Padre Didon ispirò il motto olimpico

da Il Sole 24 Ore – 21 luglio 2024 – di Gianfranco Ravasi.

In questo articolo il Cardinal Ravasi ci parla di Angela Teja e di come analizza le dimensioni filosofiche ed etico-spirituali di «Citius, altius, fortius» e del profilo del domenicano, straordinario spirito eclettico nei suoi interessi.

Non ho mai praticato nessuno sport, se si eccettua la camminata chilometrica quasi quotidiana, che non è però riconosciuta come disciplina sportiva. Eppure, forse sono l’ecclesiastico che ha intrattenuto il maggior numero di contatti, rapporti e dialoghi col Comitato Olimpico Internazionale e col suo presidente Thomas Bach, al punto tale che – quando ho concluso il mio mandato di capo-dicastero vaticano della Cultura, nell’ottobre 2022 – ho ricevuto dalle sue mani come omaggio simbolico una delle medaglie d’oro delle Olimpiadi di Tokyo.

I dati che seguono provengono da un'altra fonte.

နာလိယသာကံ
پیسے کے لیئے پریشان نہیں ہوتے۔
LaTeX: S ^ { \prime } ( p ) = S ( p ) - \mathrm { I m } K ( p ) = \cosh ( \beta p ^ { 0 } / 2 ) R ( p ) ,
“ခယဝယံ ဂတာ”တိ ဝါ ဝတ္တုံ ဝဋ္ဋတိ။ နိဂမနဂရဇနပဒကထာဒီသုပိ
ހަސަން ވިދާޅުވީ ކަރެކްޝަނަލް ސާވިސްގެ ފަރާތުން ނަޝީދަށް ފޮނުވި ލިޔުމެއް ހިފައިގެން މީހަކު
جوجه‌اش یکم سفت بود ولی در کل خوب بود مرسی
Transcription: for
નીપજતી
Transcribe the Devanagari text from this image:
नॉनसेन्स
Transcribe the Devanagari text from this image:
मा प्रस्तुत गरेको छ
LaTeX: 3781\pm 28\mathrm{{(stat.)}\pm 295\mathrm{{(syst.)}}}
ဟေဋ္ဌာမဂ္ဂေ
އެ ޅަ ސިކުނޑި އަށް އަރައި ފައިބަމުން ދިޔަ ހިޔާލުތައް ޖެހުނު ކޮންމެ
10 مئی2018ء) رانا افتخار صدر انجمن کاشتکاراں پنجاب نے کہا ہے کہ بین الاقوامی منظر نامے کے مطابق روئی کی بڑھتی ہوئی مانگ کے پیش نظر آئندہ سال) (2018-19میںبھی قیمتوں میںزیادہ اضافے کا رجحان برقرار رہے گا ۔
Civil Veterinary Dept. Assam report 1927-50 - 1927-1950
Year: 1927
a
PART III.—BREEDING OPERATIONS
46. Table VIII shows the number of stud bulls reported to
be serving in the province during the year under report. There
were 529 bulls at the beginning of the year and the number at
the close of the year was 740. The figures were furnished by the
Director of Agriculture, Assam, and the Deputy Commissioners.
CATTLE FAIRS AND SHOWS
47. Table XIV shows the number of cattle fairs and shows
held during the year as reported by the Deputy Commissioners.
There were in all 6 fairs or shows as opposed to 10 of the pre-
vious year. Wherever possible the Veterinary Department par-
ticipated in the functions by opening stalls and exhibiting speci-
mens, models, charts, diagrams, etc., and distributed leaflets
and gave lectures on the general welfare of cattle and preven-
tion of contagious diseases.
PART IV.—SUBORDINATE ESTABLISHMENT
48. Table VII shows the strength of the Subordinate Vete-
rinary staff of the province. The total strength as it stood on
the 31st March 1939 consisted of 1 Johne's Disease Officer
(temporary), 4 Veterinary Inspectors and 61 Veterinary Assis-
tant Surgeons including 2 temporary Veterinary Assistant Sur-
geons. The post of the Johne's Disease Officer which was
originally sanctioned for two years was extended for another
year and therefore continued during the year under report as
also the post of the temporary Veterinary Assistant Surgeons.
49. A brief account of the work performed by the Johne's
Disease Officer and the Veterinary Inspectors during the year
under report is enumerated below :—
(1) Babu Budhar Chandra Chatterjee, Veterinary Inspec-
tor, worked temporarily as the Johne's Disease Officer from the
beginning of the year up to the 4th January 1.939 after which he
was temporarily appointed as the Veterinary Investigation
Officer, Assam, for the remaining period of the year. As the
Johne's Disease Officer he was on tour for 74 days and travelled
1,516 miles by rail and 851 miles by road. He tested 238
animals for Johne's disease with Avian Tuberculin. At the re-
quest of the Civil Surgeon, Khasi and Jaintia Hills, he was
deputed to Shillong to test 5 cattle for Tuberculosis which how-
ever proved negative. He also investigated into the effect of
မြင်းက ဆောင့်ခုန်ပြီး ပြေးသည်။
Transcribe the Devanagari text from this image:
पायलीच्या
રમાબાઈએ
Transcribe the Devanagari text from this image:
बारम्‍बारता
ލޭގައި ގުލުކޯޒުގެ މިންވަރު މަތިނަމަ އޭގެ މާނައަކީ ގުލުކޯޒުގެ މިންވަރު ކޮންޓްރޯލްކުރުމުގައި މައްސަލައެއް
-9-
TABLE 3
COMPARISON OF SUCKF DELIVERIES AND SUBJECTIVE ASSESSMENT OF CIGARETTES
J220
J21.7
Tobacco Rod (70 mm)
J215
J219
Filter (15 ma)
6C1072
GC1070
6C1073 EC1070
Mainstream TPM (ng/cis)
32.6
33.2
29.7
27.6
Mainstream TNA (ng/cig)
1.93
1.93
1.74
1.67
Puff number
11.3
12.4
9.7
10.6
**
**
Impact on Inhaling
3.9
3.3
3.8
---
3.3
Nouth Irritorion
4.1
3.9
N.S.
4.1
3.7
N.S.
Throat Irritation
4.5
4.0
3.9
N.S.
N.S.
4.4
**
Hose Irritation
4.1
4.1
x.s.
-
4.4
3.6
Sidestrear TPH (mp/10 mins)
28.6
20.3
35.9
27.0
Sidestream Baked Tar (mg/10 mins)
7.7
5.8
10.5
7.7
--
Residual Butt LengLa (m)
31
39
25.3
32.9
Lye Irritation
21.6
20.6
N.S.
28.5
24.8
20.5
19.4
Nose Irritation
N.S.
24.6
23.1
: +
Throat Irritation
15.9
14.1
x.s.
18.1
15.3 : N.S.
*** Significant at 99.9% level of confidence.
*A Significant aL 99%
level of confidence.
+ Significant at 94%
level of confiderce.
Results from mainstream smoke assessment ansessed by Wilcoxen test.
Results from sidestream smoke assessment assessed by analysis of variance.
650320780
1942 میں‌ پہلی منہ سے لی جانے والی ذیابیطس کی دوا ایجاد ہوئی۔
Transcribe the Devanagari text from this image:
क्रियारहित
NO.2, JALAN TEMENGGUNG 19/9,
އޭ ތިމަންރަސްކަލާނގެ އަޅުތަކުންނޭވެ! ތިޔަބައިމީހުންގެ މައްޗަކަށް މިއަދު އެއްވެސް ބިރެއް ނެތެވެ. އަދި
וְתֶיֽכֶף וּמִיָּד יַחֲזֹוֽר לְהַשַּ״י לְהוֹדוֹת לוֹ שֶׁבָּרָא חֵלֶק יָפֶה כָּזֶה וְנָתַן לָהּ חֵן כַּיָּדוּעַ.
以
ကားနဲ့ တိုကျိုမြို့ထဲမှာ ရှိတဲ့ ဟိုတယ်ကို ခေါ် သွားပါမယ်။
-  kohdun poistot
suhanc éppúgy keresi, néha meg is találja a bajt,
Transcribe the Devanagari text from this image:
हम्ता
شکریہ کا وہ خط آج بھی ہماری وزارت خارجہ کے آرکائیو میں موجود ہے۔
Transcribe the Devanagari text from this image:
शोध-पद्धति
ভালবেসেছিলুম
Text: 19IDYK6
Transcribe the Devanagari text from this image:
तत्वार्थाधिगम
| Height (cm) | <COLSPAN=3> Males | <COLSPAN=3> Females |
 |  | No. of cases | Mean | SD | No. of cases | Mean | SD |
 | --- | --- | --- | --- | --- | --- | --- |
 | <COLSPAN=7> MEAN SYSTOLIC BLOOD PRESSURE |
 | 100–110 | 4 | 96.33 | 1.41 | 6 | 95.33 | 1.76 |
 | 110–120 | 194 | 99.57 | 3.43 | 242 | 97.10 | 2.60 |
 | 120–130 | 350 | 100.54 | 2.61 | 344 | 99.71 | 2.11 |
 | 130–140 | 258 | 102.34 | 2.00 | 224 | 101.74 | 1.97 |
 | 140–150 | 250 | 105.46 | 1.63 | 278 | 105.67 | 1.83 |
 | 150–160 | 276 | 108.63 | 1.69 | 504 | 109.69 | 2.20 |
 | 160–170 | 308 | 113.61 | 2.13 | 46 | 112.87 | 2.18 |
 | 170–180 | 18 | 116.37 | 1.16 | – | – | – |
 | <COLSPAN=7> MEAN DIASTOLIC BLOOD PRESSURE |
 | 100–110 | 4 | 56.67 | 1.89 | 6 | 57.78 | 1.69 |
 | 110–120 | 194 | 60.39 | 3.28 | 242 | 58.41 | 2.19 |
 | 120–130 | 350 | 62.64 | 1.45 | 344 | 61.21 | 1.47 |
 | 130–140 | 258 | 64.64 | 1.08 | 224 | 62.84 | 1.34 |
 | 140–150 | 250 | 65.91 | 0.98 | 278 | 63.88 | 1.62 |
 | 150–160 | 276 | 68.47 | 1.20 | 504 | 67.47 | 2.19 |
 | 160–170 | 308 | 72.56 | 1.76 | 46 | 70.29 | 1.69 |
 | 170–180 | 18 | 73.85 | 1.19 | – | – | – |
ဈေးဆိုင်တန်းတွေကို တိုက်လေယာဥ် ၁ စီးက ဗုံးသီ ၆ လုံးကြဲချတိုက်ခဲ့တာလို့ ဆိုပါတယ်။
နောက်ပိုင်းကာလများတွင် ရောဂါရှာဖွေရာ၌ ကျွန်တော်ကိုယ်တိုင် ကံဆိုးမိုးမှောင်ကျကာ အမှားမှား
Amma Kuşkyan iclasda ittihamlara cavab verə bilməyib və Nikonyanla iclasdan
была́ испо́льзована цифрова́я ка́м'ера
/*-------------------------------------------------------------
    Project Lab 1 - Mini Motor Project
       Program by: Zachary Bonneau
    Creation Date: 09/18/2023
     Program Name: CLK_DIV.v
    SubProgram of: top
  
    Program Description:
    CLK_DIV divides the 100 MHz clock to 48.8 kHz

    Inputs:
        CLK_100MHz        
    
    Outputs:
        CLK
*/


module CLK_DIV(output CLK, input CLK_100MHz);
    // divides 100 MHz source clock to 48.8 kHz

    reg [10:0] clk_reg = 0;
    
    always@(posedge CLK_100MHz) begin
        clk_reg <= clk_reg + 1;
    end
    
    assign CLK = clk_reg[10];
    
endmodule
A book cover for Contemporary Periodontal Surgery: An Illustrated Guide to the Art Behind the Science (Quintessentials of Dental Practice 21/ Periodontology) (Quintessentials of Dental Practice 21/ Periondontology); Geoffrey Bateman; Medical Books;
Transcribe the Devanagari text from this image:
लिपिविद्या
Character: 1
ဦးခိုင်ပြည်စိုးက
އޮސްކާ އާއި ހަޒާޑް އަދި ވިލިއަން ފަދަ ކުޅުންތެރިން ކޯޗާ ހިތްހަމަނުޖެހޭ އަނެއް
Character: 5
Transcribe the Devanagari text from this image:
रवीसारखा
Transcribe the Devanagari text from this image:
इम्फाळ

Questa premessa autobiografica, forse un po’ spudorata, è tuttavia necessaria per presentare un saggio di Angela Teja, la più importante studiosa dello sport come fenomeno storico e culturale e, per certi versi, imparentato con la religione (tanti sportivi hanno evocato i loro esordi nei campetti degli oratori parrocchiali del passato). Infatti, in appendice al volumetto è raccolta tutta la documentazione degli incontri e dei carteggi tra la Santa Sede e il Cio, compresi quelli diretti tra il presidente Bach e il papa Francesco, particolarmente sensibile a questo tema tanto da avallare la costituzione di un’Athletica Vaticana che ha iniziato ad affacciarsi anche in alcune competizioni internazionali.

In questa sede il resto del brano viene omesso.